=== STORED DATA ===

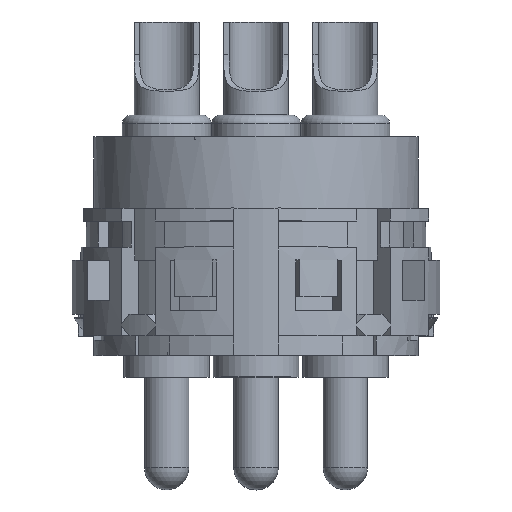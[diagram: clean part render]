
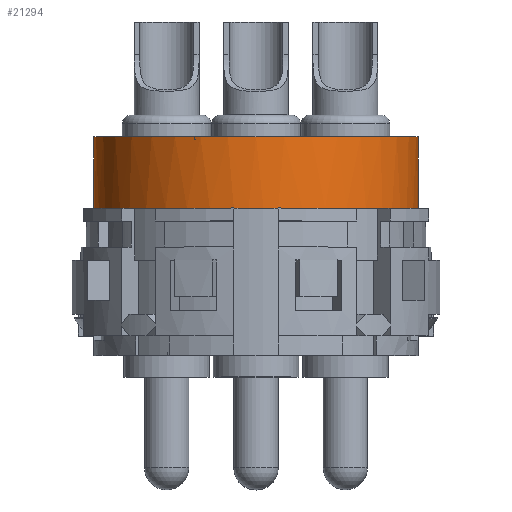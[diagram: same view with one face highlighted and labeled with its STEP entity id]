
A CAD part, top view. The second image highlights one B-rep face of the part: STEP entity #21294.
In plain terms, the highlighted cylindrical face has radius 7.5 mm (diameter 15 mm), a partial arc.
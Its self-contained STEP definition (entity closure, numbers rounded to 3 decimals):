
#2622=CARTESIAN_POINT('',(0.,6.8,0.));
#2623=DIRECTION('',(0.,1.,0.));
#2624=DIRECTION('',(0.137,0.,0.991));
#2625=AXIS2_PLACEMENT_3D('',#2622,#2623,#2624);
#2640=CARTESIAN_POINT('',(0.,6.8,0.));
#2641=DIRECTION('',(0.,1.,0.));
#2642=DIRECTION('',(0.93,0.,0.368));
#2643=AXIS2_PLACEMENT_3D('',#2640,#2641,#2642);
#2650=CARTESIAN_POINT('',(0.,6.8,0.));
#2651=DIRECTION('',(0.,1.,0.));
#2652=DIRECTION('',(-1.,0.,0.));
#2653=AXIS2_PLACEMENT_3D('',#2650,#2651,#2652);
#2668=CARTESIAN_POINT('',(0.,6.8,0.));
#2669=DIRECTION('',(0.,1.,0.));
#2670=DIRECTION('',(-0.779,0.,0.627));
#2671=AXIS2_PLACEMENT_3D('',#2668,#2669,#2670);
#2903=CARTESIAN_POINT('',(0.,6.8,0.));
#2904=DIRECTION('',(0.,1.,0.));
#2905=DIRECTION('',(0.779,0.,0.627));
#2906=AXIS2_PLACEMENT_3D('',#2903,#2904,#2905);
#2908=CARTESIAN_POINT('',(0.,6.8,0.));
#2909=DIRECTION('',(0.,1.,0.));
#2910=DIRECTION('',(-0.137,0.,0.991));
#2911=AXIS2_PLACEMENT_3D('',#2908,#2909,#2910);
#2913=CARTESIAN_POINT('',(0.,6.8,0.));
#2914=DIRECTION('',(0.,1.,0.));
#2915=DIRECTION('',(-0.93,0.,0.368));
#2916=AXIS2_PLACEMENT_3D('',#2913,#2914,#2915);
#2918=DIRECTION('',(0.,1.,0.));
#2919=VECTOR('',#2918,3.3);
#2920=CARTESIAN_POINT('',(-7.5,6.8,0.));
#2921=LINE('',#2920,#2919);
#3103=DIRECTION('',(0.,1.,0.));
#3104=VECTOR('',#3103,3.3);
#3105=CARTESIAN_POINT('',(7.5,6.8,0.));
#3106=LINE('',#3105,#3104);
#3107=CARTESIAN_POINT('',(0.,10.1,0.));
#3108=DIRECTION('',(0.,1.,0.));
#3109=DIRECTION('',(-1.,0.,0.));
#3110=AXIS2_PLACEMENT_3D('',#3107,#3108,#3109);
#15260=CARTESIAN_POINT('',(-7.5,10.1,0.));
#15261=CARTESIAN_POINT('',(7.5,10.1,0.));
#15262=VERTEX_POINT('',#15260);
#15263=VERTEX_POINT('',#15261);
#15264=CARTESIAN_POINT('',(7.5,6.8,0.));
#15265=CARTESIAN_POINT('',(-7.5,6.8,0.));
#15266=VERTEX_POINT('',#15264);
#15267=VERTEX_POINT('',#15265);
#15483=CARTESIAN_POINT('',(-1.025,6.8,7.43));
#15485=VERTEX_POINT('',#15483);
#15486=CARTESIAN_POINT('',(1.025,6.8,7.43));
#15488=VERTEX_POINT('',#15486);
#15563=CARTESIAN_POINT('',(-6.975,6.8,2.757));
#15565=VERTEX_POINT('',#15563);
#15576=CARTESIAN_POINT('',(-5.843,6.8,4.702));
#15578=VERTEX_POINT('',#15576);
#15610=CARTESIAN_POINT('',(6.975,6.8,2.757));
#15612=VERTEX_POINT('',#15610);
#15649=CARTESIAN_POINT('',(5.843,6.8,4.702));
#15651=VERTEX_POINT('',#15649);
#21272=CARTESIAN_POINT('',(0.,6.8,0.));
#21273=DIRECTION('',(0.,1.,0.));
#21274=DIRECTION('',(-1.,0.,0.));
#21275=AXIS2_PLACEMENT_3D('',#21272,#21273,#21274);
#21276=CYLINDRICAL_SURFACE('',#21275,7.5);
#21277=ORIENTED_EDGE('',*,*,#21260,.F.);
#21278=ORIENTED_EDGE('',*,*,#20842,.F.);
#21280=ORIENTED_EDGE('',*,*,#21279,.F.);
#21281=ORIENTED_EDGE('',*,*,#20862,.F.);
#21283=ORIENTED_EDGE('',*,*,#21282,.F.);
#21284=ORIENTED_EDGE('',*,*,#20854,.F.);
#21286=ORIENTED_EDGE('',*,*,#21285,.T.);
#21288=ORIENTED_EDGE('',*,*,#21287,.T.);
#21290=ORIENTED_EDGE('',*,*,#21289,.F.);
#21291=ORIENTED_EDGE('',*,*,#20850,.F.);
#21292=EDGE_LOOP('',(#21277,#21278,#21280,#21281,#21283,#21284,#21286,#21288,
#21290,#21291));
#21293=FACE_OUTER_BOUND('',#21292,.F.);
#2626=CIRCLE('',#2625,7.5);
#2644=CIRCLE('',#2643,7.5);
#2654=CIRCLE('',#2653,7.5);
#2672=CIRCLE('',#2671,7.5);
#2907=CIRCLE('',#2906,7.5);
#2912=CIRCLE('',#2911,7.5);
#2917=CIRCLE('',#2916,7.5);
#3111=CIRCLE('',#3110,7.5);
#20842=EDGE_CURVE('',#15488,#15651,#2626,.T.);
#20850=EDGE_CURVE('',#15612,#15266,#2644,.T.);
#20854=EDGE_CURVE('',#15267,#15565,#2654,.T.);
#20862=EDGE_CURVE('',#15578,#15485,#2672,.T.);
#21260=EDGE_CURVE('',#15651,#15612,#2907,.T.);
#21279=EDGE_CURVE('',#15485,#15488,#2912,.T.);
#21282=EDGE_CURVE('',#15565,#15578,#2917,.T.);
#21285=EDGE_CURVE('',#15267,#15262,#2921,.T.);
#21287=EDGE_CURVE('',#15262,#15263,#3111,.T.);
#21289=EDGE_CURVE('',#15266,#15263,#3106,.T.);
#21294=ADVANCED_FACE('',(#21293),#21276,.T.);

===

TASK DIRECTIONS:
Extract exactly the lines between the line containing "#2626=CIRCLE('',#2625,7.5);" and the end of the data, including both.

REPLY:
#2626=CIRCLE('',#2625,7.5);
#2644=CIRCLE('',#2643,7.5);
#2654=CIRCLE('',#2653,7.5);
#2672=CIRCLE('',#2671,7.5);
#2907=CIRCLE('',#2906,7.5);
#2912=CIRCLE('',#2911,7.5);
#2917=CIRCLE('',#2916,7.5);
#3111=CIRCLE('',#3110,7.5);
#20842=EDGE_CURVE('',#15488,#15651,#2626,.T.);
#20850=EDGE_CURVE('',#15612,#15266,#2644,.T.);
#20854=EDGE_CURVE('',#15267,#15565,#2654,.T.);
#20862=EDGE_CURVE('',#15578,#15485,#2672,.T.);
#21260=EDGE_CURVE('',#15651,#15612,#2907,.T.);
#21279=EDGE_CURVE('',#15485,#15488,#2912,.T.);
#21282=EDGE_CURVE('',#15565,#15578,#2917,.T.);
#21285=EDGE_CURVE('',#15267,#15262,#2921,.T.);
#21287=EDGE_CURVE('',#15262,#15263,#3111,.T.);
#21289=EDGE_CURVE('',#15266,#15263,#3106,.T.);
#21294=ADVANCED_FACE('',(#21293),#21276,.T.);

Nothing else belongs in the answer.